Measured with scalability_benchmark: sustained throughput with varying producer/consumer thread counts.

Thread Scaling

Throughput (M msg/s) with varying thread counts. Higher is better.

Producer Scaling (1 Consumer)

Peak at 6 producers (13.5M/s)

Consumer Scaling (1 Producer)

Plateaus at 2 (broadcast semantics)

Thread Scaling

Producers	Consumers	Throughput	Per-Thread	Scaling Efficiency
1	1	2.4M msg/s	1.20M	baseline
2	1	7.2M msg/s	2.40M	300%
4	1	11.8M msg/s	2.35M	489%
1	2	3.5M msg/s	1.17M	146%
1	4	2.9M msg/s	0.58M	122%
2	2	6.8M msg/s	1.70M	141%
4	4	11.2M msg/s	1.41M	117%
8	8	8.4M msg/s	0.52M	44%

Producer Scaling (1 Consumer)

1 producer:   3.0 M/s  ████████████
2 producers:  8.7 M/s  ██████████████████████████████████
3 producers: 11.5 M/s  ████████████████████████████████████████████
4 producers: 11.9 M/s  ████████████████████████████████████████████
6 producers: 13.5 M/s  █████████████████████████████████████████████████  ← peak
8 producers: 11.5 M/s  ████████████████████████████████████████████

Peak throughput at 6 producers (13.5M msg/s). Beyond 6, contention on the atomic head pointer causes slight degradation.

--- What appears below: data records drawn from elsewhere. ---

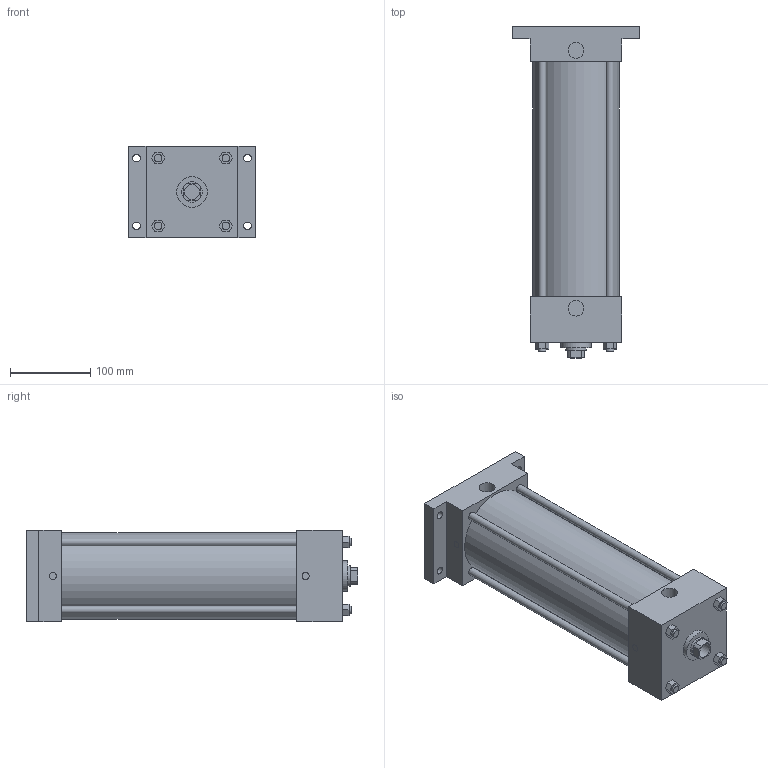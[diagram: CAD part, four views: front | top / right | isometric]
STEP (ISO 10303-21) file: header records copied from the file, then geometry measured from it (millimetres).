
FILE_DESCRIPTION((' Parasolid data model '),'2;1');
FILE_NAME('GSSL','1999-12-15T14:50:56+00:00',(' GSSL '),(' GSSL Pune '),'','GSSL Pune','Author');
FILE_SCHEMA(('CONFIG_CONTROL_DESIGN'));
Length unit declared in the file: millimetre
Bounding box: 158.75 x 412.75 x 114.3 mm (x, y, z)
Surface area: 233828.4 mm2 (no closed solid volume)
Topology: 0 solids, 5 shells, 92 faces, 233 edges, 165 vertices
Faces by surface type: plane 64, cylinder 28
Full cylindrical faces by diameter (mm): 8.731 x6, 9.525 x12, 19.05 x1, 19.771 x2, 25.4 x1, 38.1 x1, 107.95 x1
Entity records: 3039 total; most frequent: CARTESIAN_POINT 527, DIRECTION 476, ORIENTED_EDGE 413, EDGE_CURVE 244, VERTEX_POINT 196, LINE 186, VECTOR 186, EDGE_LOOP 166

Consumer Scaling (1 Producer)

1 consumer:  2.8 M/s  ███████████
2 consumers: 4.8 M/s  ██████████████████
4 consumers: 4.8 M/s  ██████████████████
8 consumers: 3.7 M/s  ██████████████

Consumer scaling plateaus at 2 — the ring buffer uses broadcast semantics (all consumers read the same data), so adding consumers doesn't increase total throughput.

Real-Time Determinism

Measured with determinism_benchmark: 10 runs of 100,000 iterations each, CPU-pinned to cores 0 and 1.

Latency Distribution

Percentile latencies in nanoseconds — tight clustering indicates deterministic behavior

7.9ns

std dev

0.060

CV (run-to-run)

26ns

max - median

0.02%

miss rate @ 1μs

Metric	Value
Mean latency	87.0ns
Median latency	86.0ns
Std dev	7.9ns
Min	61ns
Max	112ns
p95	102ns
p99	109ns
p99.9	112ns
p99.99	112ns
Run-to-run CV	0.060
Deadline misses at 1μs	212 / 1,000,000 (0.02%)

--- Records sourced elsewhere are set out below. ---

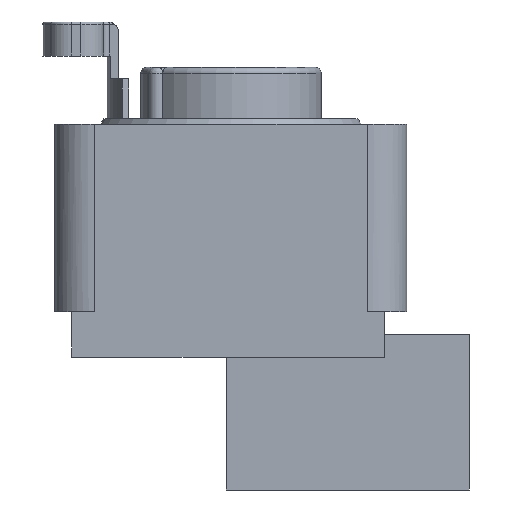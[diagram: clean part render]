
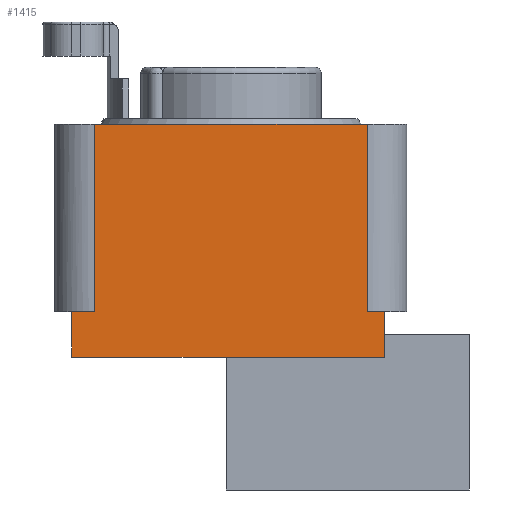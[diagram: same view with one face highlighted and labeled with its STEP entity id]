
A CAD part, left-side view. The second image highlights one B-rep face of the part: STEP entity #1415.
In plain terms, the highlighted planar face has unit normal (-1, 0, 0).
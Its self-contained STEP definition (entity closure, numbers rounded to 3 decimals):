
#324=DIRECTION('',(0.,1.,0.));
#325=VECTOR('',#324,27.5);
#326=CARTESIAN_POINT('',(-13.,-13.5,-20.5));
#327=LINE('',#326,#325);
#356=DIRECTION('',(0.,0.,-1.));
#357=VECTOR('',#356,16.5);
#358=CARTESIAN_POINT('',(-13.,-12.,0.));
#359=LINE('',#358,#357);
#360=DIRECTION('',(0.,0.,-1.));
#361=VECTOR('',#360,4.);
#362=CARTESIAN_POINT('',(-13.,-13.5,-16.5));
#363=LINE('',#362,#361);
#373=DIRECTION('',(0.,1.,0.));
#374=VECTOR('',#373,2.);
#375=CARTESIAN_POINT('',(-13.,12.,-16.5));
#376=LINE('',#375,#374);
#401=DIRECTION('',(0.,1.,0.));
#402=VECTOR('',#401,1.5);
#403=CARTESIAN_POINT('',(-13.,-13.5,-16.5));
#404=LINE('',#403,#402);
#410=DIRECTION('',(0.,0.,-1.));
#411=VECTOR('',#410,16.5);
#412=CARTESIAN_POINT('',(-13.,12.,0.));
#413=LINE('',#412,#411);
#454=DIRECTION('',(0.,1.,0.));
#455=VECTOR('',#454,24.);
#456=CARTESIAN_POINT('',(-13.,-12.,0.));
#457=LINE('',#456,#455);
#867=DIRECTION('',(0.,0.,-1.));
#868=VECTOR('',#867,4.);
#869=CARTESIAN_POINT('',(-13.,14.,-16.5));
#870=LINE('',#869,#868);
#980=CARTESIAN_POINT('',(-13.,-12.,0.));
#981=CARTESIAN_POINT('',(-13.,12.,0.));
#982=VERTEX_POINT('',#980);
#983=VERTEX_POINT('',#981);
#1008=CARTESIAN_POINT('',(-13.,-13.5,-20.5));
#1009=CARTESIAN_POINT('',(-13.,14.,-20.5));
#1010=VERTEX_POINT('',#1008);
#1011=VERTEX_POINT('',#1009);
#1016=CARTESIAN_POINT('',(-13.,-13.5,-16.5));
#1017=VERTEX_POINT('',#1016);
#1018=CARTESIAN_POINT('',(-13.,14.,-16.5));
#1019=VERTEX_POINT('',#1018);
#1028=CARTESIAN_POINT('',(-13.,12.,-16.5));
#1029=VERTEX_POINT('',#1028);
#1034=CARTESIAN_POINT('',(-13.,-12.,-16.5));
#1035=VERTEX_POINT('',#1034);
#1394=CARTESIAN_POINT('',(-13.,-12.,0.));
#1395=DIRECTION('',(1.,0.,0.));
#1396=DIRECTION('',(0.,1.,0.));
#1397=AXIS2_PLACEMENT_3D('',#1394,#1395,#1396);
#1398=PLANE('',#1397);
#1400=ORIENTED_EDGE('',*,*,#1399,.T.);
#1402=ORIENTED_EDGE('',*,*,#1401,.F.);
#1403=ORIENTED_EDGE('',*,*,#1381,.T.);
#1404=ORIENTED_EDGE('',*,*,#1335,.T.);
#1406=ORIENTED_EDGE('',*,*,#1405,.F.);
#1408=ORIENTED_EDGE('',*,*,#1407,.F.);
#1410=ORIENTED_EDGE('',*,*,#1409,.F.);
#1412=ORIENTED_EDGE('',*,*,#1411,.F.);
#1413=EDGE_LOOP('',(#1400,#1402,#1403,#1404,#1406,#1408,#1410,#1412));
#1414=FACE_OUTER_BOUND('',#1413,.F.);
#1335=EDGE_CURVE('',#1010,#1011,#327,.T.);
#1381=EDGE_CURVE('',#1017,#1010,#363,.T.);
#1399=EDGE_CURVE('',#982,#1035,#359,.T.);
#1401=EDGE_CURVE('',#1017,#1035,#404,.T.);
#1405=EDGE_CURVE('',#1019,#1011,#870,.T.);
#1407=EDGE_CURVE('',#1029,#1019,#376,.T.);
#1409=EDGE_CURVE('',#983,#1029,#413,.T.);
#1411=EDGE_CURVE('',#982,#983,#457,.T.);
#1415=ADVANCED_FACE('',(#1414),#1398,.F.);

Interpretation: The 7.9ns standard deviation and 0.06 run-to-run coefficient of variation indicate highly deterministic behavior. The 0.02% deadline miss rate at the extremely aggressive 1μs deadline is due to OS scheduling jitter in WSL2 — on a bare-metal Linux system with PREEMPT_RT kernel and isolcpus, expect zero misses.

Python Binding Performance

Measured with research_bench_python.py: 5 seconds sustained per test, Python 3.12, PyO3 bindings v0.1.9.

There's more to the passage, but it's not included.